Compile command: g++ -std=c++20 -I/usr/include/eigen3/ test.cpp -o tensor_test && ./tensor_test

Eigen Version: 3.4.0

2

There are 2 best solutions below

0
Yes On

using

g++ -std=c++20 -I/usr/include/eigen3/ test.cpp -o tensor_test -Ofast && ./tensor_test

changed the output to the expected

Results for tensor constant = 0
  Average Normal:        5.1356099999999998 ms
  Average Sliced View:   6.0342300000000009 ms
  Average Noncontiguous: 289.1670799999999986 ms
Results for tensor constant = 1
  Average Normal:        5.1476300000000004 ms
  Average Sliced View:   5.8024499999999994 ms
  Average Noncontiguous: 261.0361199999999826 ms
Results for tensor constant = 2
  Average Normal:        5.0972700000000000 ms
  Average Sliced View:   5.8569899999999997 ms
  Average Noncontiguous: 259.1227200000000153 ms
Results for tensor constant = 3
  Average Normal:        5.1468300000000005 ms
  Average Sliced View:   5.7064599999999999 ms
  Average Noncontiguous: 260.6153199999999970 ms
Results for tensor constant = 4
  Average Normal:        5.0209299999999999 ms
  Average Sliced View:   5.4007199999999997 ms
  Average Noncontiguous: 260.8348000000000297 ms
Results for tensor constant = 5
  Average Normal:        5.7401500000000008 ms
  Average Sliced View:   6.1950500000000002 ms
  Average Noncontiguous: 364.8314100000000053 ms
Results for tensor constant = 6
  Average Normal:        5.1002900000000002 ms
  Average Sliced View:   5.7117500000000003 ms
  Average Noncontiguous: 260.0248899999999708 ms
Results for tensor constant = 7
  Average Normal:        4.9162100000000004 ms
  Average Sliced View:   5.7174899999999997 ms
  Average Noncontiguous: 257.0656500000000051 ms
Results for tensor constant = 8
  Average Normal:        4.8135900000000005 ms
  Average Sliced View:   5.5151299999999992 ms
  Average Noncontiguous: 256.0223799999999983 ms
Results for tensor constant = 9
  Average Normal:        4.8785400000000001 ms
  Average Sliced View:   5.5409099999999993 ms
  Average Noncontiguous: 255.9427200000000084 ms
0
gnasher729 On

What costs the time is accessing memory.
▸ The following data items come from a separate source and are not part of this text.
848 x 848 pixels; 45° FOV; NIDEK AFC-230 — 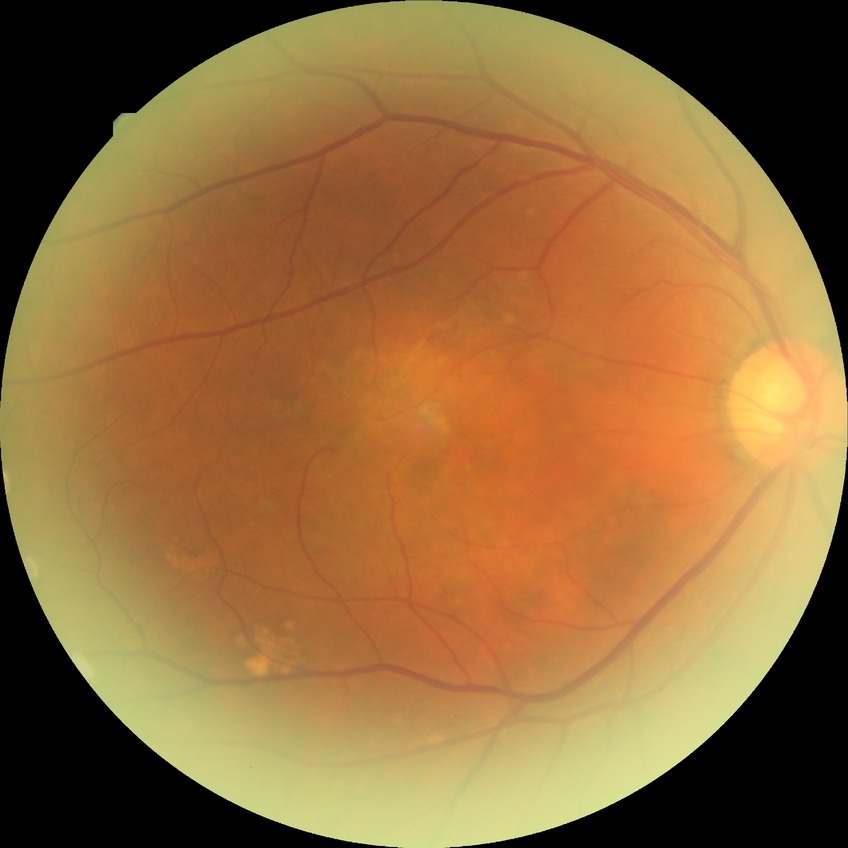
Diabetic retinopathy severity: no diabetic retinopathy.
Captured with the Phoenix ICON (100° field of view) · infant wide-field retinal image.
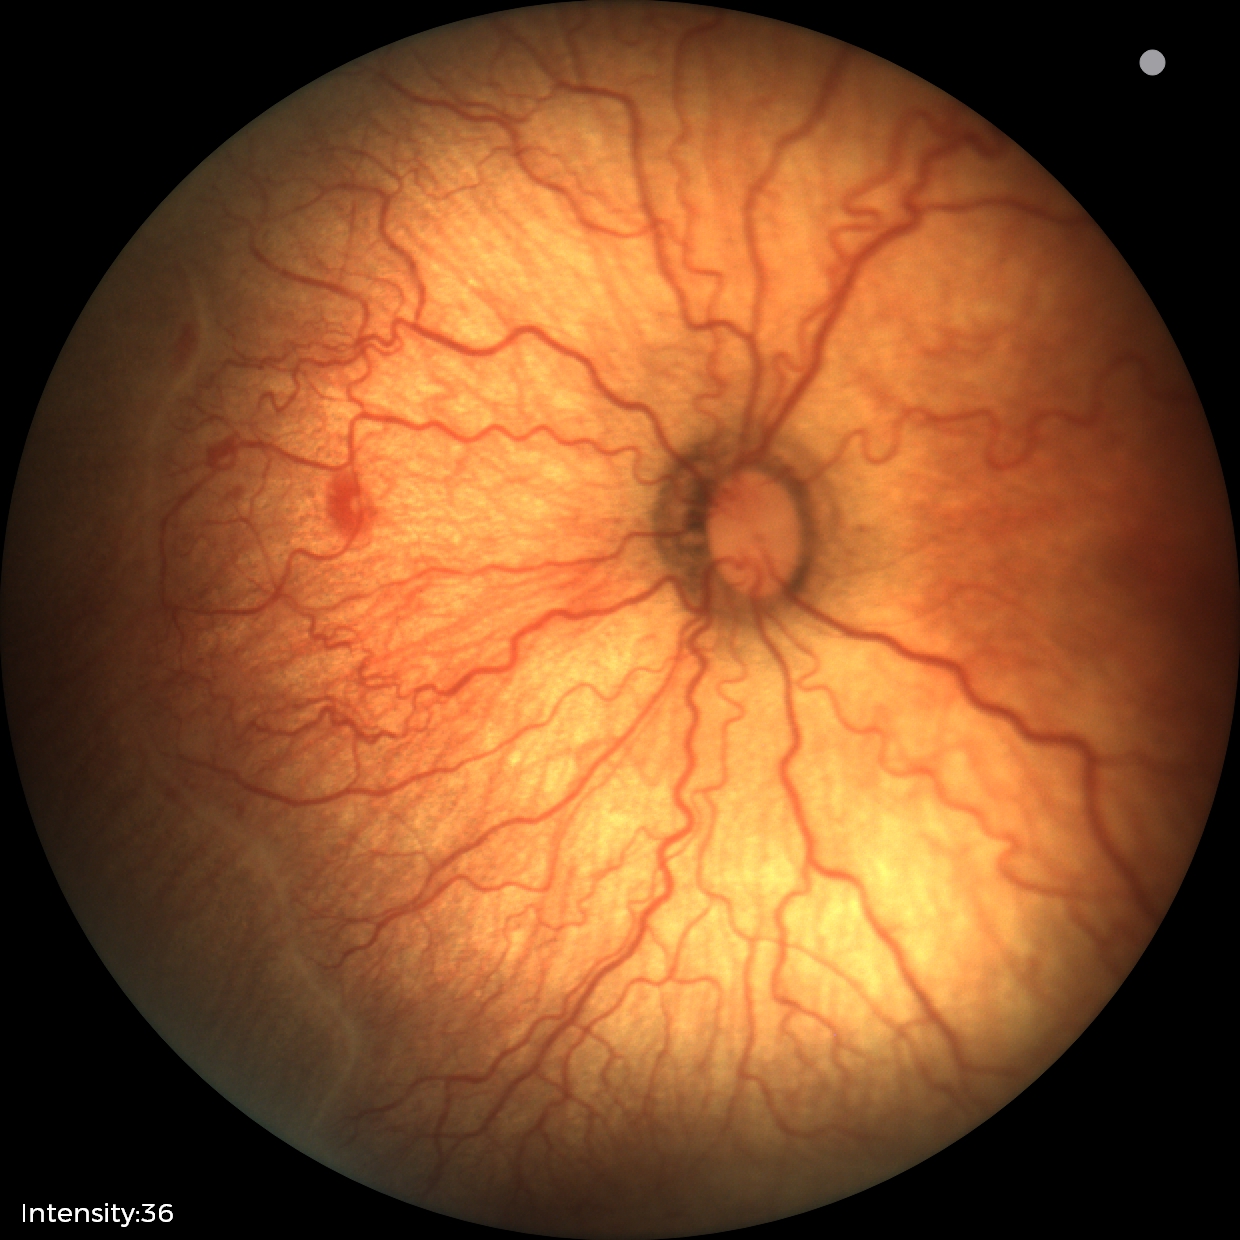

Plus disease present. Examination diagnosed as ROP stage 2.

Whatever additional instructions the slicing takes is irrelevant and mostly optimised away anyway.

Typically reading from L1 cache takes 4 cycles, L2 cache takes 20, RAM takes 100. (Highly variable between processors but the principle is right). So if slicing means you perform many operations in L1 cache instead of using L2 cache or RAM you can get dramatical speed improvements.